Your task
Copy, from the data below, each line that has the word "shows".

Data extracts
....................

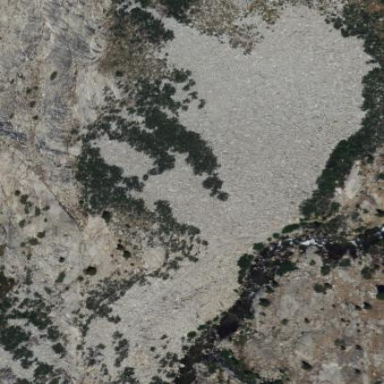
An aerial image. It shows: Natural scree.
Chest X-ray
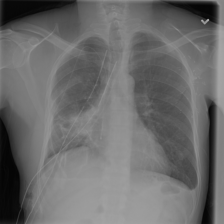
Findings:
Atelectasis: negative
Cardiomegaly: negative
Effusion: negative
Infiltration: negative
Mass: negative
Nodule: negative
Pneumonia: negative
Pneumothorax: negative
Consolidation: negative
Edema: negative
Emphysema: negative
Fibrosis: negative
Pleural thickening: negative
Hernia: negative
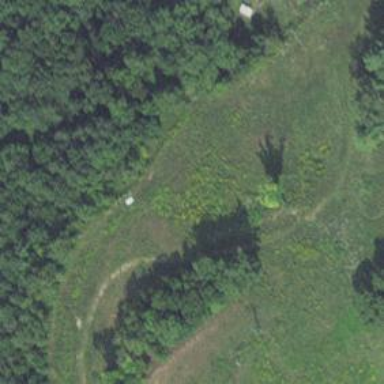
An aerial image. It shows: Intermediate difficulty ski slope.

....................

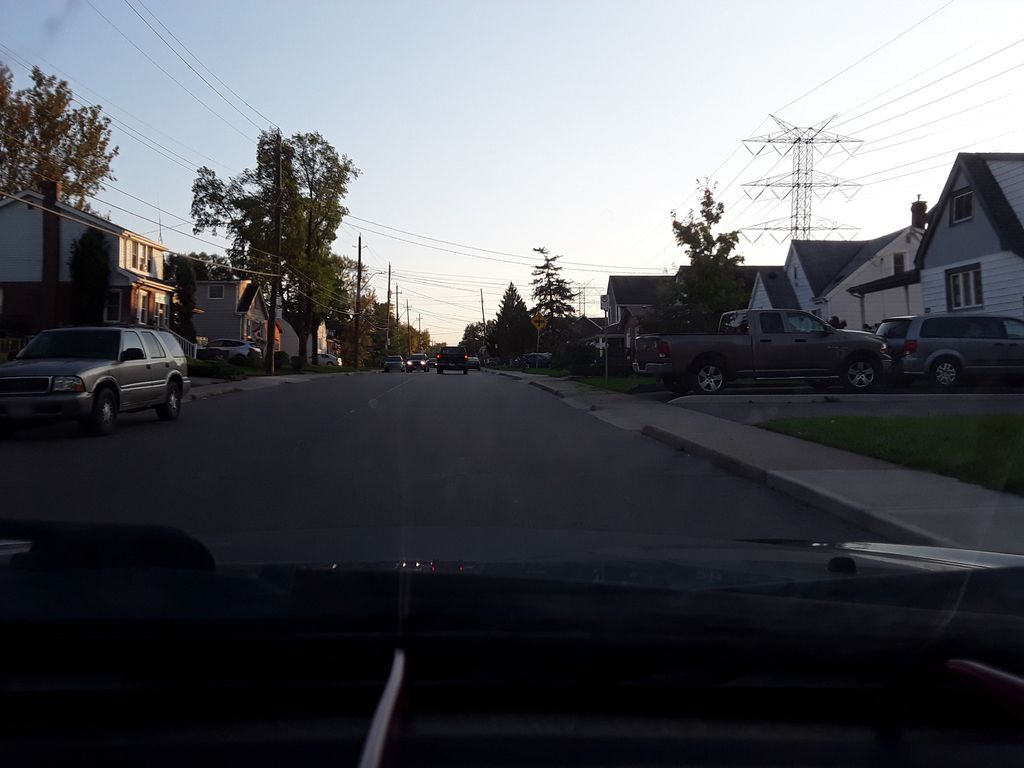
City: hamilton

....................

Task answer
An aerial image. It shows: Natural scree.
An aerial image. It shows: Intermediate difficulty ski slope.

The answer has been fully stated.